More than 10.000 financial institutions are currently connected to the network, enabling international funds transfer across more than 200 countries.
In a nutshell, we send and receive messages to and from the network – mainly regarding payments that we are sending to our clients’ beneficiaries, incoming funds that we are receiving from clients or third parties and credits or debits to maintain our balances with the liquidity providers.
The reconciliation process
Ebury must ensure that our internal business activity and records match all externally received information. There are many reasons that a financial institution would be required to maintain a rigorous reconciliation process: client balances, accounting purposes, regulatory and compliance requirements, fraud prevention and bounced checks.
Regarding the SWIFT network related transactions, we are interested in one specific message type received: the MT942 – which is the detailed list of entries debited, credited, or booked to the accounts.
One of the first steps of the complex reconciliation process is to classify the entries that we receive in the MT942 message into different groups. Examples of groups are if an entry is related to a liquidity provider activity, a client fund, a client returned fund, a company account movement, etc.
The correct classification into those groups will ensure that the reconciliation process is automatic and does not require any manual intervention, which is desired to avoid human mistakes and handle the workload on top of hundreds of entries daily.
The first attempt to classify the transaction entries into the groups was to analyse the messages and identify their patterns manually. The technical solution was to introduce a list of if-statements after parsing the MT942 message entries to define the group.

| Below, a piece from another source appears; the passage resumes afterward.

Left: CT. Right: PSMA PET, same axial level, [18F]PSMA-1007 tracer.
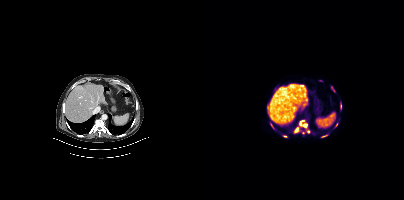
Coordinates are on the 200×200 PET (right) panel. (showing 8 of 11 foci) PSMA-avid tumor lesion bounding boxes (x, y, width, height): x=99 y=124 w=5 h=4; x=96 y=120 w=4 h=6; x=91 y=128 w=4 h=5; x=67 y=124 w=3 h=5. Small PSMA-avid foci (2 to 4 px across) near (center x, center y): (81, 136); (104, 131); (132, 124); (118, 136).

Initially, it was efficient and straightforward to quickly add a new rule every time an entry was wrongly classified. However, the classification accuracy decreased to less than 75% when we grew to several thousand customers, introduced more liquidity providers, and opened more accounts. Additionally, it became impossible to analyse thousands of entries and understand the independent patterns that could group them correctly.

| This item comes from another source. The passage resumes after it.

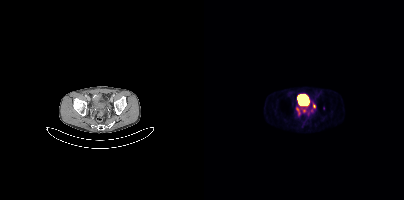
Coordinates are on the 200×200 PET (right) panel. PSMA-avid tumor lesion bounding boxes (x0, y0)-(x1, y1): (92, 107)-(96, 114) | (109, 103)-(111, 107). Small PSMA-avid focus (2 to 4 px across) near (center x, center y): (100, 110).
modality: PSMA PET/CT | tracer: 68Ga-PSMA | view: axial

The conclusion was to research and test a better solution to provide better accuracy for the entry classification and enable the automatic reconciliation process for most transactions.

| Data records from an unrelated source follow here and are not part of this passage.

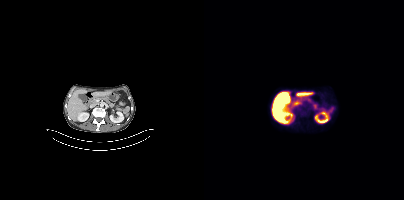
{"modality":"PSMA PET/CT","view":"axial","tracer":"18F","pet_grid":[200,200],"coord_frame":"pet_panel","coord_format":"x0,y0,x1,y1","psma_avid_lesions":false}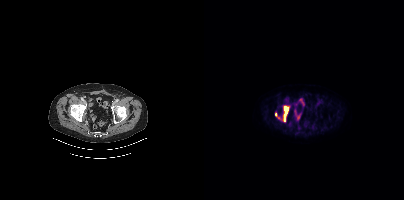
Two-panel axial: CT | PSMA PET, 18F-PSMA tracer. Slice position z = -1470 mm. PET panel 200×200 px (4.1 mm/px).
Coordinates are on the 200×200 PET (right) panel. PSMA-avid tumor lesion bounding boxes:
| # | x0 | y0 | x1 | y1 |
|---|---|---|---|---|
| 1 | 80 | 106 | 84 | 120 |
Small PSMA-avid focus (2 to 4 px across) near (center x, center y): (71, 114).

Machine learning-based classification
The engineering and product teams started to evaluate a new way to approach the problem – wondering if a machine learning-based approach would find the patterns and result in better accuracy.
Before running the experiments, the team first defined the input as the content of the MT942 message and generated the matrix of TF-IDF features using the TfidfVectorizer. Then, a dataset was extracted with all the entries previously classified to be used as an input for the experiments – 80% of the data to train the model and 20% to validate the model results.
The first experiment used a generative classifier called MultinomialNB, the most popular one used to analyse categorical text data. The model results were not promising because this method is much more efficient for use cases with features with strong independence conditions.
The following experiment used a discriminative classifier called LogisticRegression, which does not assume conditional independence of the features. The model generated by the classifier resulted in an accuracy of 99%.
Nowadays, all entries inside the MT942 messages are classified in the corresponding groups in real-time by the team’s model.
The generated model works retrospectively, so we have to retrain the model when the accuracy decreases. Ideally, we would be able to automatically retrain a new model, compare the new accuracy with the previous one and promote it to be used instead of the old one.